WHAT IS EXPECTED
Copy out all of the data word for word. Omit every picture.

::::

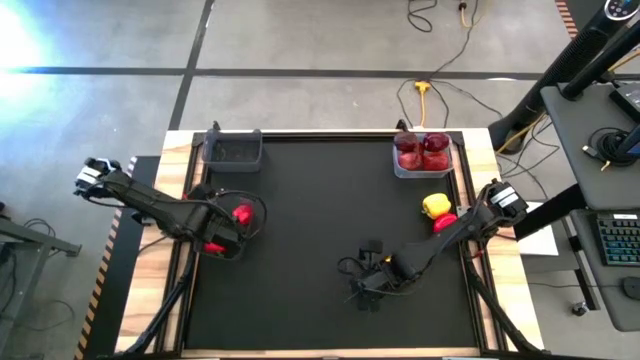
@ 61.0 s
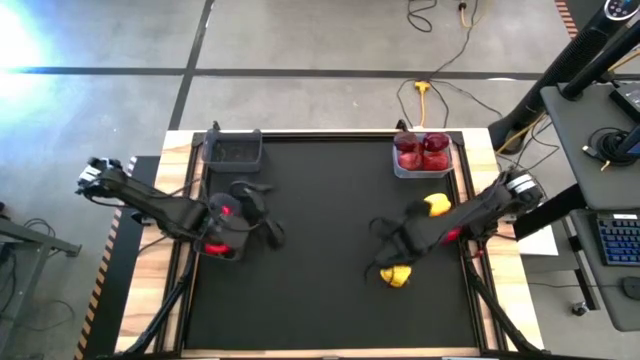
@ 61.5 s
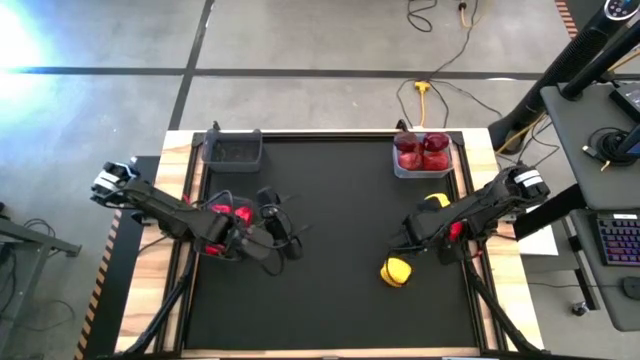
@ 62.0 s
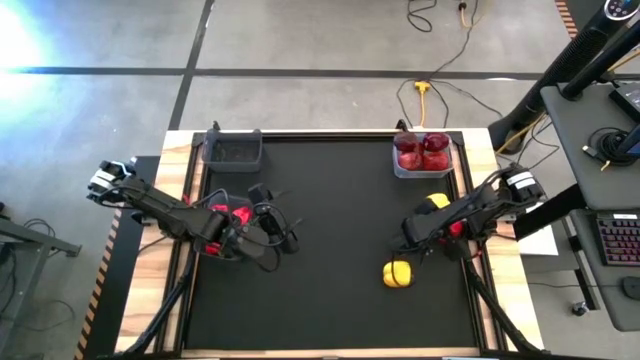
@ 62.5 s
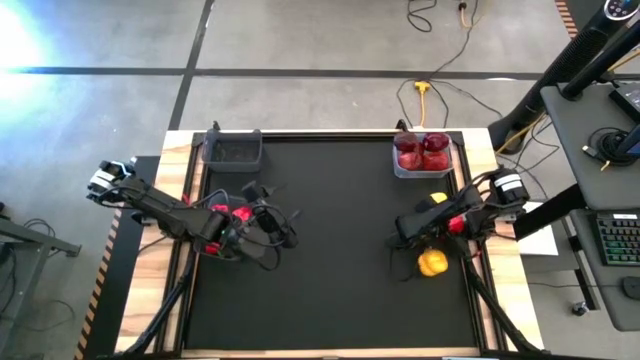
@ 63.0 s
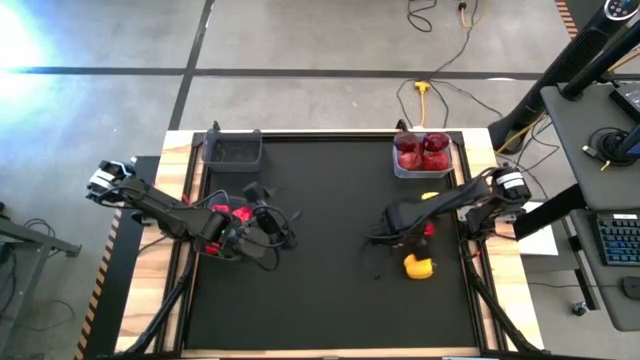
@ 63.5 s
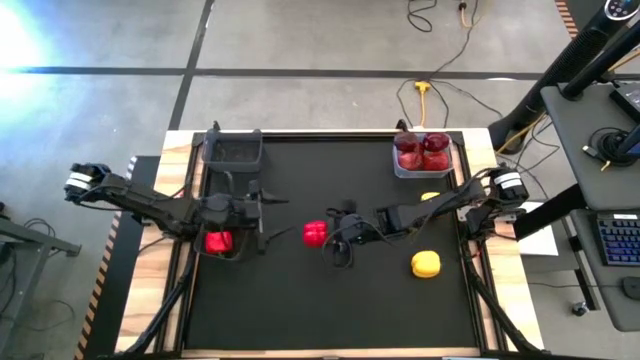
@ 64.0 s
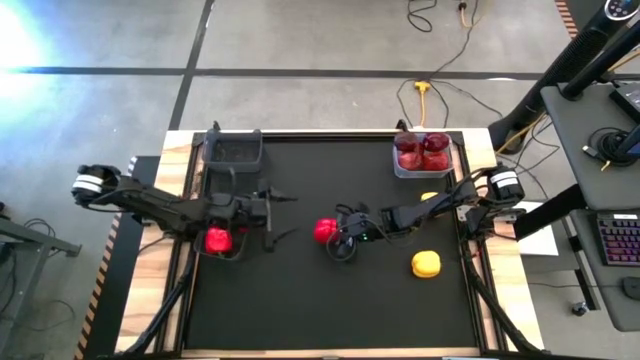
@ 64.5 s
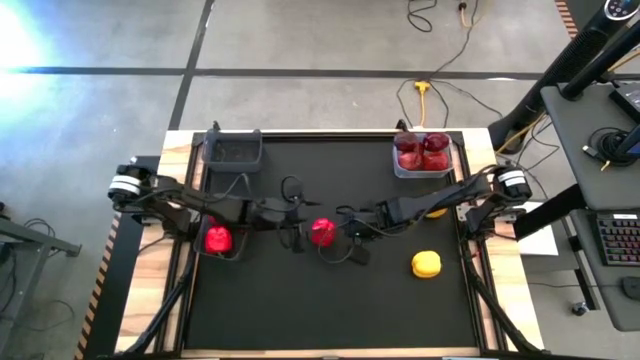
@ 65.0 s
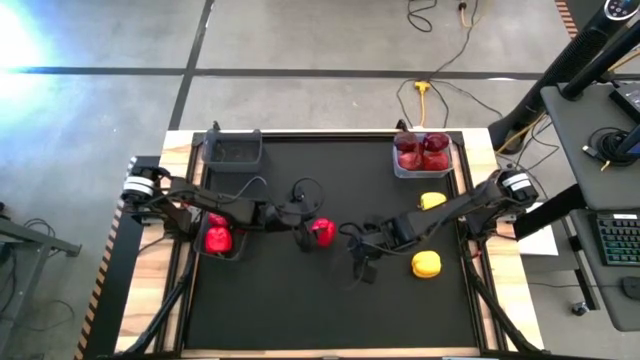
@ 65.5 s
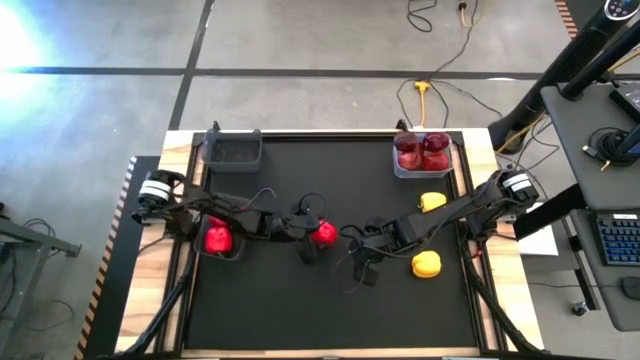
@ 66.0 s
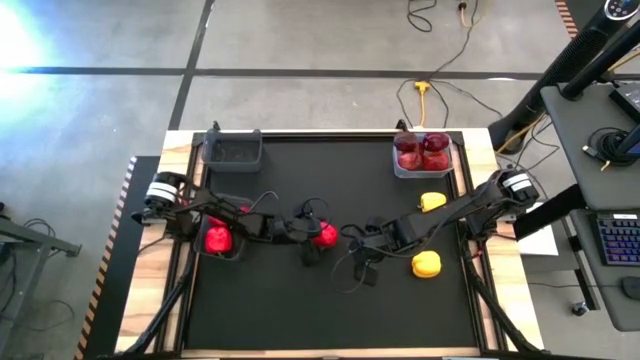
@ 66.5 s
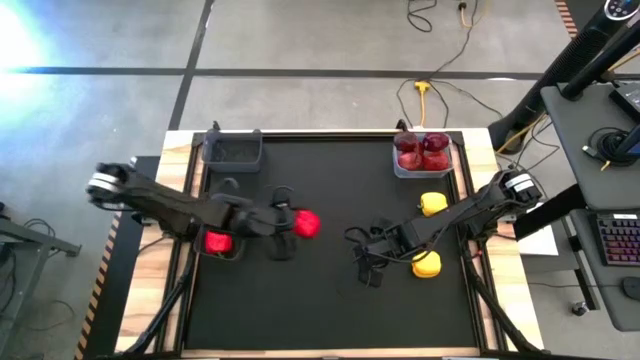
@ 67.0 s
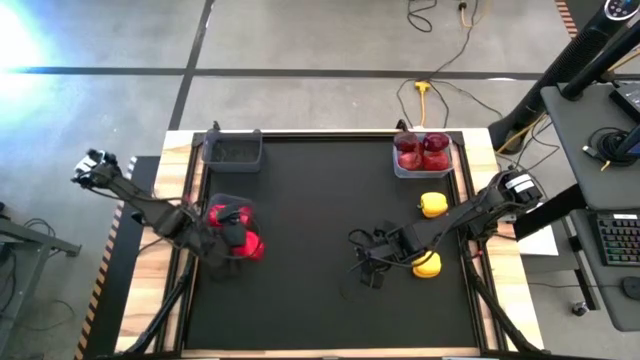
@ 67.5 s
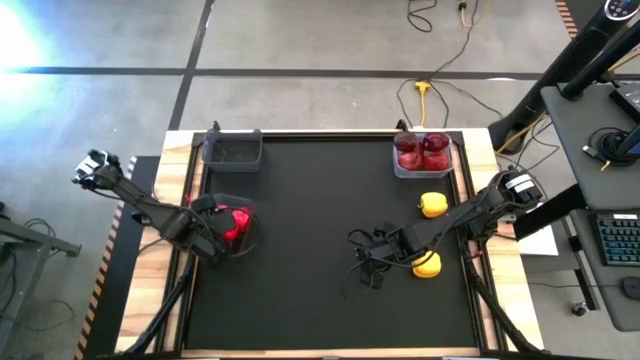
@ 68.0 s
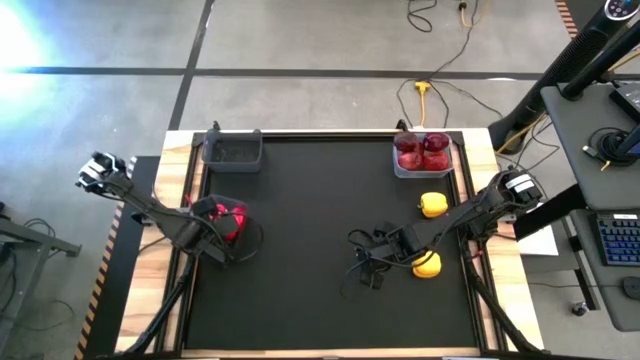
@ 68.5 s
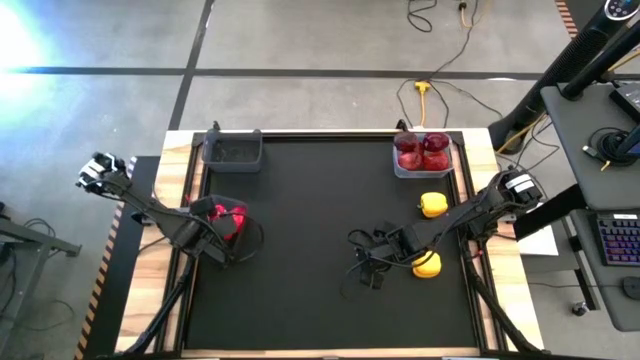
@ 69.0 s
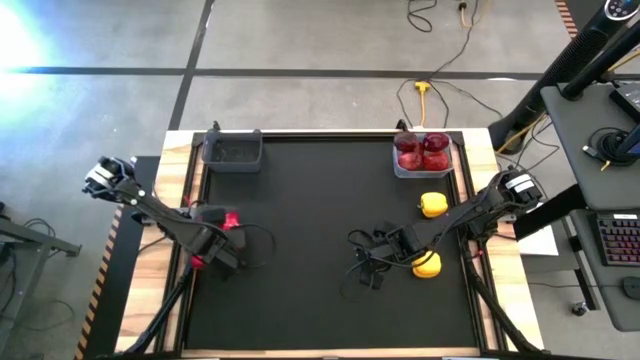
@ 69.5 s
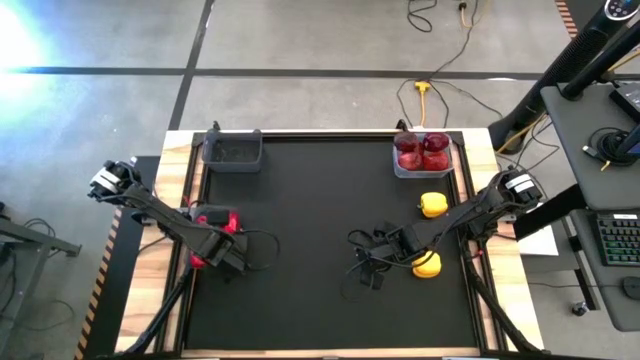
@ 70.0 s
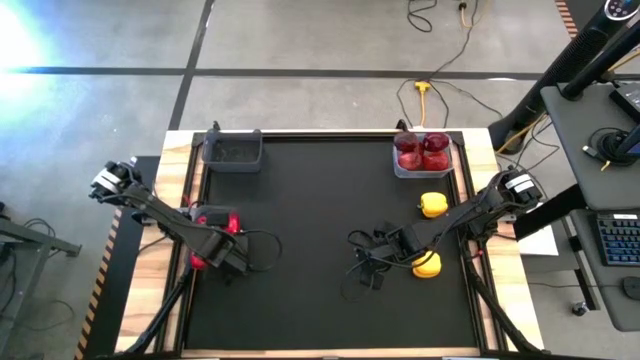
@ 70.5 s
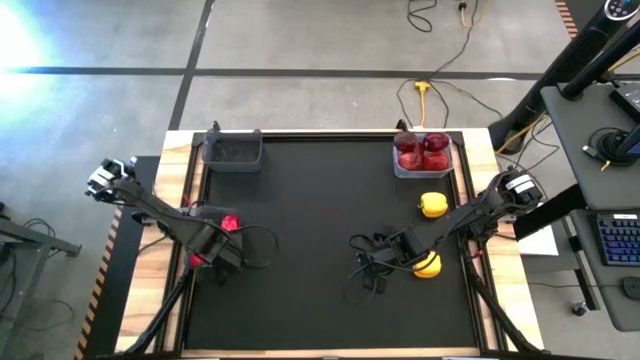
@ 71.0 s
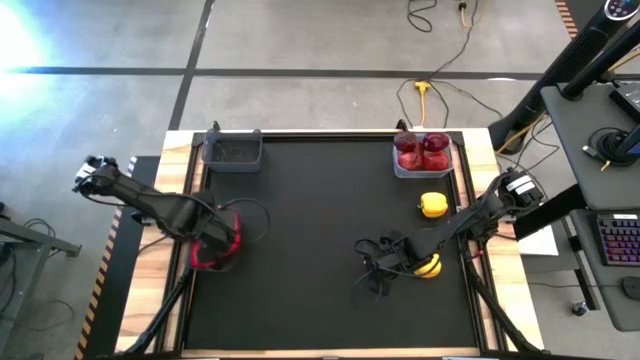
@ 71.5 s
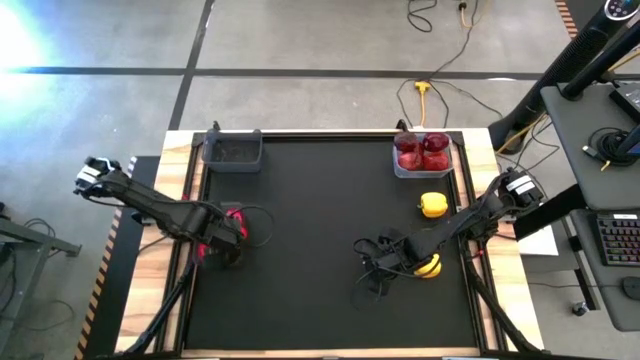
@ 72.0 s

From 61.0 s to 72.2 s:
Task: Sort produce into baskets
Put the red bell pepper into the bottom black bin

::::

RESULT FOR THIS EXERCISE
@ 61.0 s
@ 61.5 s
@ 62.0 s
@ 62.5 s
@ 63.0 s
@ 63.5 s
@ 64.0 s
@ 64.5 s
@ 65.0 s
@ 65.5 s
@ 66.0 s
@ 66.5 s
@ 67.0 s
@ 67.5 s
@ 68.0 s
@ 68.5 s
@ 69.0 s
@ 69.5 s
@ 70.0 s
@ 70.5 s
@ 71.0 s
@ 71.5 s
@ 72.0 s

From 61.0 s to 72.2 s:
Task: Sort produce into baskets
Put the red bell pepper into the bottom black bin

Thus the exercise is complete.